Mae Clarke will always be most known as the girl who gets a face full of grapefruit delivered from an unhappy James Cagney. It's a very violent moment, and -should- make us very sympathetic for Mae...
But it doesn't, and watching these films, I understand why.
Viewing these films one after another, a few things are clear:
Mae was not an especially gifted actress. She had her moments, and good directors could find and bring something interesting out of her, but the Good Bad Girl was her film to shine in, and instead of a Barbara Stanwyck break-through role--at the climax, when her baby is being threatened with a gun--she has the expression of someone who is at the supermarket and has forgotten her shopping list...almost an annoyed look. You want to slap her and say "Hey--pay attention! That's a gun, and that's your baby!"
So her acting skills were never great--whether her persistent underplaying was deliberate, or just all she could do, is not clear to me. But in any case, there's a certain vacant, uncaring look in her eyes that makes you want to shake her--and wake her up, or at least want something bad to happen to her--or be not sympathetic to her when something bad does happen. The German word is Backpfeifengesicht, which means 'a face you want to hit,' and for Mae, that's often what happened to her. Part of it is her lack of acting ability, and another part, (obviously beyond her control) is that her eyes are rather small, which for an actor is a huge detriment. So even when she DOES try to emote--instead, it just look like she's squinting.

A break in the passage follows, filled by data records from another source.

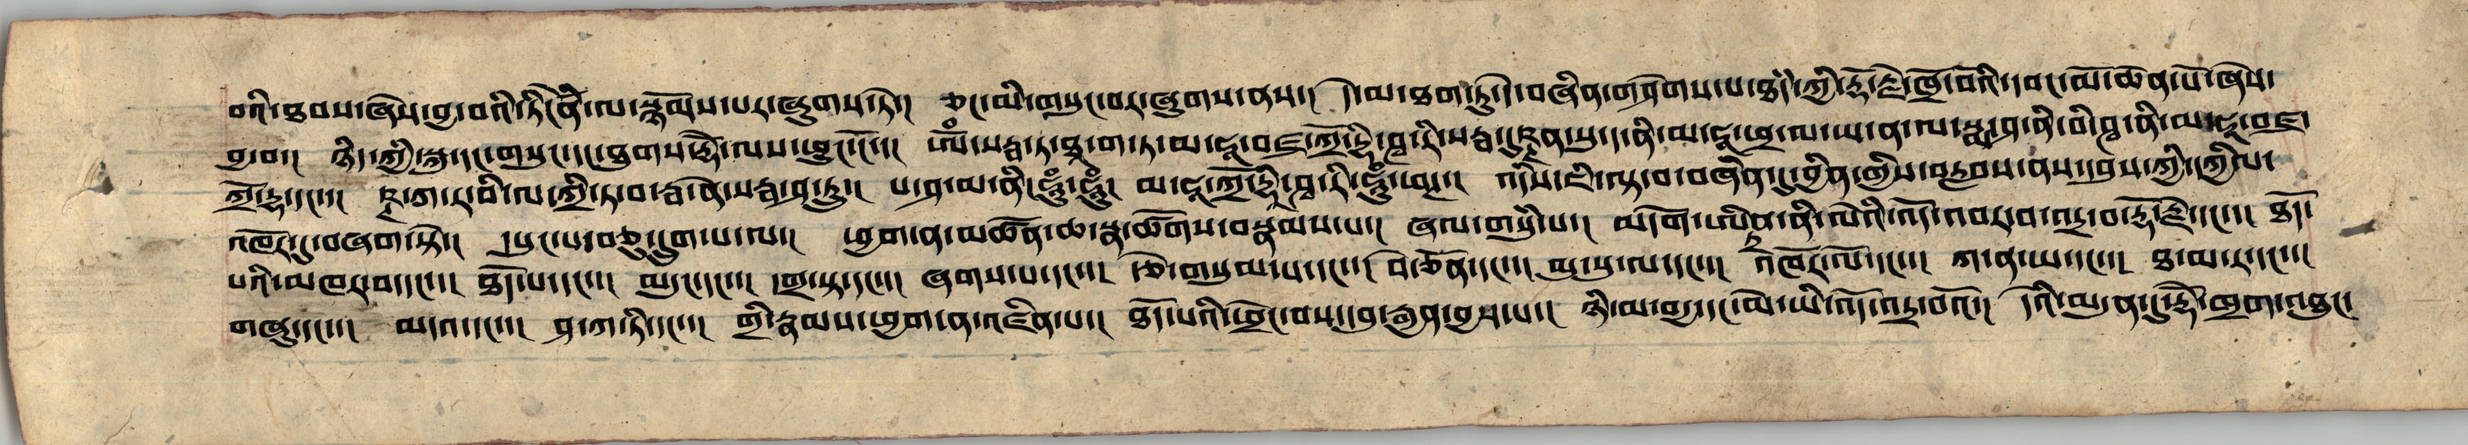བའི་ཐབས་ཞེས་བྱ་བའི་ཏིངེཛིན་ལ་སྙོམས་པར་ཞུགས་ཏེ་། ཅང་མི་གསུང་བར་ཞུགས་ནས་། དེ་མ་ཐག་ཏུ་དེ་བཞིན་གཤེགས་པ་ཐཾད་ཀྱི་རྡོ་རྗེ་ཁྲོ་བོའི་དབང་མོ་ཆེན་པོ་ཞེས་
བྱ་བ་། ཉིད་ཀྱི་སྐུ་དང་གསུང་དང་ཐུགས་རྡོེ་ལས་ཕྱུང་ངོ་་། ཨོཾ་སརྦ་ཏ་ཐཱ་ག་ཏ་མ་ཧཱ་བཛྲ་ཀྲོ་དྷི་ཤྭ་རི་སརྦ་དུཥྚན་སུ་ད་ནི་མ་ཧཱ་ཕྲ་མ་ཡ་ན་ལ་སྨ་ཤ་ནི་བི་ཤྭ་ནི་མ་ཧཱ་བཛྲ་
ཀྲོ་དྷ་དང་། ཥྚ་ཀ་ཏ་བི་ལ་ཀྲི་ཏ་བ་རྦ་ནེ་སརྦ་ཤ་ཏྲུང་། པ་ཤ་མ་ནི་ཧཱུཾ་ཧཱུཾ། མ་ཧ་ཱ་ཀྲོ་དྷཱི་ཤྭ་རི་ཧཱུཾ་ཕཊ་། འདིས་ཇི་ལྟ་བ་བཞིན་དུ་བྱིན་གྱིས་བརླབས་ནས་དབུས་ཀྱི་དཀྱིལ་
འཁོར་དུ་བཞག་སྟེ་། དཔུང་པ་བཅུ་དྲུག་པ་ལ་། ཕྱག་ན་མཚོན་ཆ་སྣ་ཚོགས་བསྣམས་པ་། ཞལ་གསུཾ་པ་། མདོག་ཨིནྡྲ་ནི་ལེའི་འདོ་འབར་བ་འདྲ་བ་རྡོ་རྗེ་དང་་། ཐཾད་
པའི་མཁར་བ་དང་་། ཐོད་པ་དང་་། མདུང་དང་་། དགྲ་སྟ་དང་་། ཞགས་པ་དང་་། རྩེ་གསུམ་པ་དང་་། བེ་ཅོན་དང་་། མུ་སུ་ལ་དང་་། འཁོར་ལོ་དང་་། ཀ་ན་ཡ་དང་་། ཐ་མ་ར་དང་་།
གཞུ་དང་་། མདའ་དང་་། ཤ་ཀ་ཏི་དང་་། གྲི་རྣམས་ཕྱག་ན་འཛིན་པ་། ཐོད་པའི་ཕྲེང་བས་དབུ་རྒྱན་བྱས་པ་། ཉི་མ་བདྱ་དང་མེ་ཡི་འོད་འདྲ་བའོ་། དེའི་མདུན་དུ་རྡོེ་ཁྲག་འཐུང་

I think producers back then saw what I was seeing, and the smart ones cast her perfectly for some parts. These attributes make her a good second lead--there's just no way she's going to outshine the star. And the other good thing about her strange 'ability' is that you don't feel so bad when she gets it. In fact, part of you is kind of glad it happened, and that's the Backpfeifengesicht part of it. Those smart producers, who saw in her what I see, cast her in roles where she's the girl who 'got it.'
Look at the parts she played to see how bad things almost always seemed to happen to her--
Frankenstein (1931) .... Elizabeth...On his wedding night, Victor abandons her and lets the monster enter the bridal suite, and well, you can figure that one out.

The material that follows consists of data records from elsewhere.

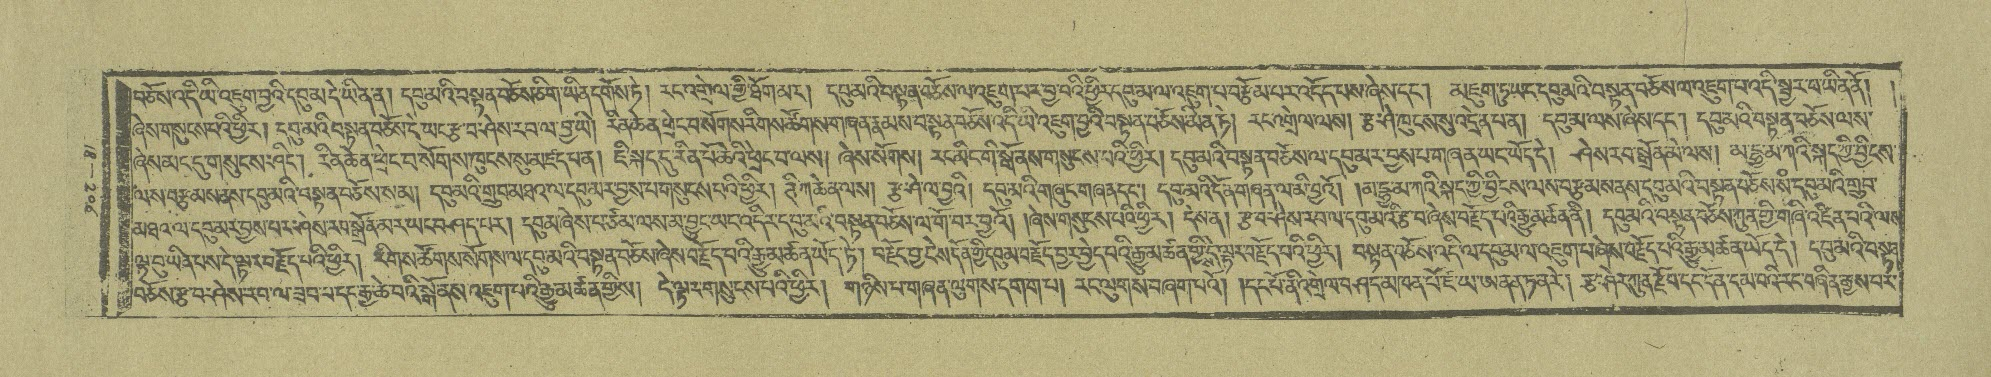བཅོས་འདི་ཡི་འཇུག་བྱའི་དབུ་མ་དེ་ཡིན་ན། དབུ་མའི་བསྟན་བཅོས་ཅིག་ཡིན་དགོས་ཏེ། རང་འགྲེལ་གྱི་ཐོག་མར། དབུ་མའི་བསྟན་བཅོས་ལ་འཇུག་པར་བྱ་བའི་ཕྱིར་དབུ་མ་ལ་འཇུག་པ་བརྩོམ་པར་འདོད་པས་ཞེས་དང་། མཇུག་ཏུ་ཡང་དབུ་མའི་བསྟན་བཅོས་ལ་འཇུགས་འདི་སྦྱར་བ་ཡིན་ནོ།
ཞེས་གསུངས་པའི་ཕྱིར། དབུ་མའི་བསྟན་བཅོས་དེ་ཡང་རྩ་བ་ཤེས་རབ་ལ་བྱ་ཡི། རིན་ཆེན་ཕྲེང་བ་སོགས་རིགས་ཚོགས་གཞན་རྣམས་བསྟན་བཅོས་འདི་ཡི་འཇུག་བྱའི་བསྟན་བཅོས་མིན་ཏེ། རང་འགྲེལ་ལས། རྩ་ཤེས་ཁུངས་སུ་འདྲེན་པ་ན། དབུ་མ་ལས་ཞེས་དང་། དབུ་མའི་བསྟན་བཅོས་ལས་
ཞེས་མང་དུ་གསུངས་ཤིང་། རིན་ཆེན་ཕྲེང་བ་སོགས་ཁུངས་སུ་མཛད་པ་ན། ཇི་སྐད་དུ་རིན་པོ་ཆེའི་ཕྲེང་བ་ལས། ཞེས་སོགས། རང་མིང་གི་སྒོ་ནས་གསུངས་པའི་ཕྱིར། དབུ་མའི་བསྟན་བཅོས་ལ་དབུ་མར་བྱས་པ་གཞན་ཡང་ཡོད་དེ། ཤེས་རབ་སྒྲོན་མེ་ལས། མ་དྷྱ་མ་ཀའི་སྐད་ཀྱི་བྱིངས་
ལས་བརྩམས་ནས་དབུ་མའི་བསྟན་བཅོས་སམ། དབུ་མའི་གྲུབ་མཐའ་ལ་དབུ་མར་བྱས་པ་གསུངས་པའི་ཕྱིར། ཊཱིཀ་ཆེན་ལས། རྩ་ཤེལ་ལ་བྱའི། དབུ་མའི་གཞུང་གཞན་དང་། དབུ་མའི་དོན་གཞན་ལ་མི་བྱའོ། །མ་དྷྱ་མ་ཀའི་སྐད་ཀྱི་བྱིངས་ལས་བརྩམས་ནས་དབུ་མའི་བསྟན་བཅོས་སཾ་དབུ་མའི་གྲུབ་
མཐའ་ལ་དབུ་མར་བྱས་པར་ཤེས་རབ་སྒྲོན་མར་ཡང་བཤད་པར། དབུ་མ་ཞེས་པ་ཙམ་ལས་མ་བྱུང་ཡང་འདིར་དབུ་མའི་བསྟན་བཅོས་ལ་གོ་བར་བྱའོ། །ཞེས་གསུངས་པའི་ཕྱིར། དེས་ན། རྩ་བ་ཤེས་རབ་ལ་དབུ་མའི་རྩ་བ་ཞེས་བརྗོད་པའི་རྒྱུ་མཚན་ནི། དབུ་མའི་བསྟན་བཅོས་ཀུན་གྱི་གཞི་འཛིན་པའི་ལུས་
ལྟ་བུ་ཡིན་པས་དེ་ལྟར་བརྗོད་པའི་ཕྱིར། རིགས་ཚོགས་སོགས་ལ་དབུ་མའི་བསྟན་བཅོས་ཞེས་བརྗོད་པའི་རྒྱུ་མཚན་ཡོད་དེ། བརྗོད་བྱ་ངེས་དོན་གྱི་དབུ་མ་བརྗོད་བྱར་བྱེད་པའི་རྒྱུ་མཚན་གྱིས་དེ་ལྟར་བརྗོད་པའི་ཕྱིར། བསྟན་བཅོས་འདི་ལ་དབུ་མ་ལ་འཇུག་པ་ཞེས་བརྗོད་པའི་རྒྱུ་མཚན་ཡོད་དེ། དབུ་མའི་བསྟན་
བཅོས་རྩ་བ་ཤེས་རབ་ལ་ཟབ་བ་དང་རྒྱ་ཆེ་བའི་སྒོ་ནས་འཇུག་པའི་རྒྱུ་མཚན་གྱིས། དེ་ལྟར་གསུངས་པའི་ཕྱིར། གཉིས་པ་གཞན་ལུགས་དགག་པ། རང་ལུགས་བཞག་པའོ། དང་པོ་ནི་འགྲེལ་བཤད་མཁན་པོ་ཛ་ཡ་ཨ་ནན་ཏ་ན་རེ། རྩ་ཤེར་ཀུན་རྫོབ་དང་དོན་དམ་པའི་རང་བཞིན་རྒྱས་པར་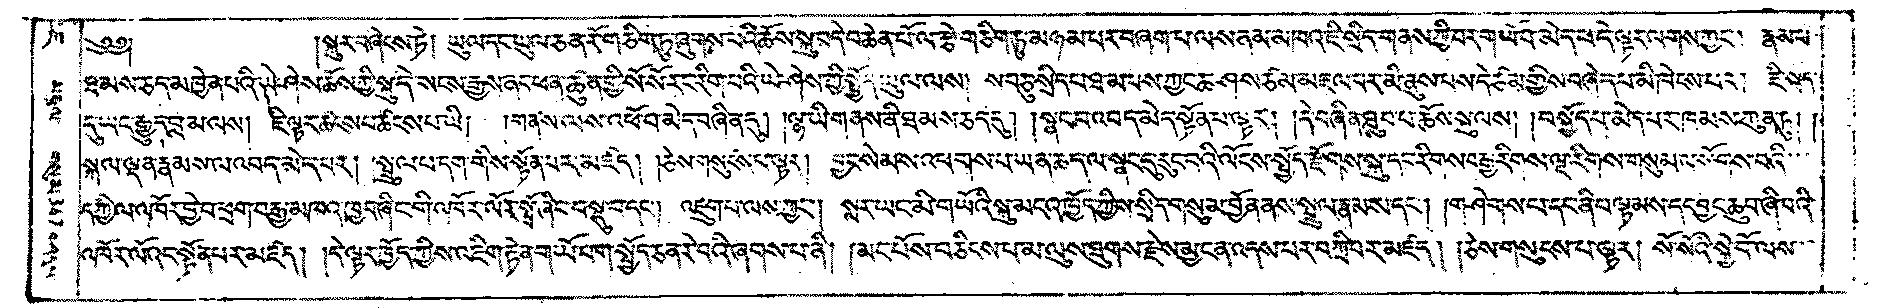༄༅། །སྐུར་བཞེངས་ཏེ། ཡུལ་དང་ཡུལ་ཅན་རོ་གཅིག་ཏུ་ཞུགས་པའི་ཆོས་སྐུ་བདེ་བ་ཆེན་པོ་ལ་རྩེ་གཅིག་ཏུ་མཉམ་པར་བཞག་པ་ལས་ནམ་མཁའ་ཇི་སྲིད་གནས་ཀྱི་བར་གཡོ་བ་མེད་པ་དེ་ལྟར་ལགས་ཀྱང་། རྣམ་པ་
ཐམས་ཅད་མཁྱེན་པའི་ཡེ་ཤེས་ཆོས་ཀྱི་སྐུ་དེ་སངས་རྒྱས་ནང་ཕན་ཚུན་གྱི་སོ་སོ་རང་རིག་པའི་ཡེ་ཤེས་ཀྱི་སྤྱོད་ཡུལ་ལས། ས་བཅུ་སྲིད་པ་ཐ་མ་པས་ཀྱང་ཆ་ཤས་ཙམ་མཇལ་བར་མི་ནུས་པས་དེ་ཙམ་གྱིས་བཞེད་པ་མི་ཁེངས་པར། ཇི་སྐད་
དུ་ཡང་རྒྱུད་བླ་མ་ལས། ཇི་ལྟར་ཚངས་པ་ཚངས་པ་ཡི། །གནས་ལས་འཕོ་བ་མེད་བཞིན་དུ། །ལྷ་ཡི་གནས་ནི་ཐམས་ཅད་དུ། །སྣང་བ་འབད་མེད་སྟོན་པ་ལྟར། །དེ་བཞིན་ཐུབ་པ་ཆོས་སྐུ་ལས། །བསྐྱོད་པ་མེད་པར་ཁམས་ཀུན་ཏུ། །
སྐལ་ལྡན་རྣམས་ལ་འབད་མེད་པར། །སྤྲུལ་པ་དག་གིས་སྟོན་པར་མཛད། །ཅེས་གསུངས་པ་ལྟར། བྱང་སེམས་འཕགས་པ་ཡན་ཆད་ལ་སྣང་དུ་རུང་བའི་ལོངས་སྤྱོད་རྫོགས་སྐུ་དང་རིགས་བརྒྱ་རིགས་ལྔ་རིགས་གསུམ་ལ་སོགས་པའི་
དཀྱིལ་འཁོར་བྱེ་བ་ཕྲག་བརྒྱ་མཁའ་ཁྱབ་ཞིང་གི་འཁོར་ལོར་སྤྲོ་ཞིང་བསྡུ་བ་དང་། འཇུག་པ་ལས་ཀྱང་། སླར་ཡང་མི་གཡོའི་སྐུ་མངའ་ཁྱོད་ཀྱིས་སྲིད་གསུམ་བྱོན་ནས་སྤྲུལ་རྣམས་དང་། །གཤེགས་པ་དང་ནི་བལྟམས་དང་བྱང་ཆུབ་ཞི་བའི་
འཁོར་ལོའང་སྟོན་པར་མཛད། །དེ་ལྟར་ཁྱོད་ཀྱིས་འཇིག་རྟེན་གཡོ་བག་སྤྱོད་ཅན་རེ་བའི་ཞགས་པ་ནི། །མང་པོས་བཅིངས་པ་མ་ལུས་ཐུགས་རྗེས་མྱ་ངན་འདས་པར་བཀྲི་བར་མཛད། །ཅེས་གསུངས་པ་ལྟར། སོ་སོའི་སྐྱེ་བོ་ལས་

Waterloo Bridge (1931) .... Myra Deauville. It's been many years since I've seen this, and I remember that she did a good job. But was it her, or did the foxy stage pro, James Whale, understand what she could do, and coax the best out of her? In any case, I'll give her credit for a good job. But we know how she ends up in this film.
Three Wise Girls (1932) .... Gladys Kane --second bananna to Jean Harlow--In terms of acting skills, she makes Harlow look like Maggie Smith, and then bows out gracefully from the story by taking poison.
Still, when one checks the IMDB, she was in more than 100 films!
So here's a toast to you, Mae Clarke--a real trooper--you had a longer and more successful career than many other "bigger" names...even if your biggest talent was that you made us want to push a gratefruit in your kisser.
I like Waterloo Bridge a lot, but I won't say that I'm sorry that Whale recast Elizabeth with Valerie Hobson in The Bride of Frankenstein.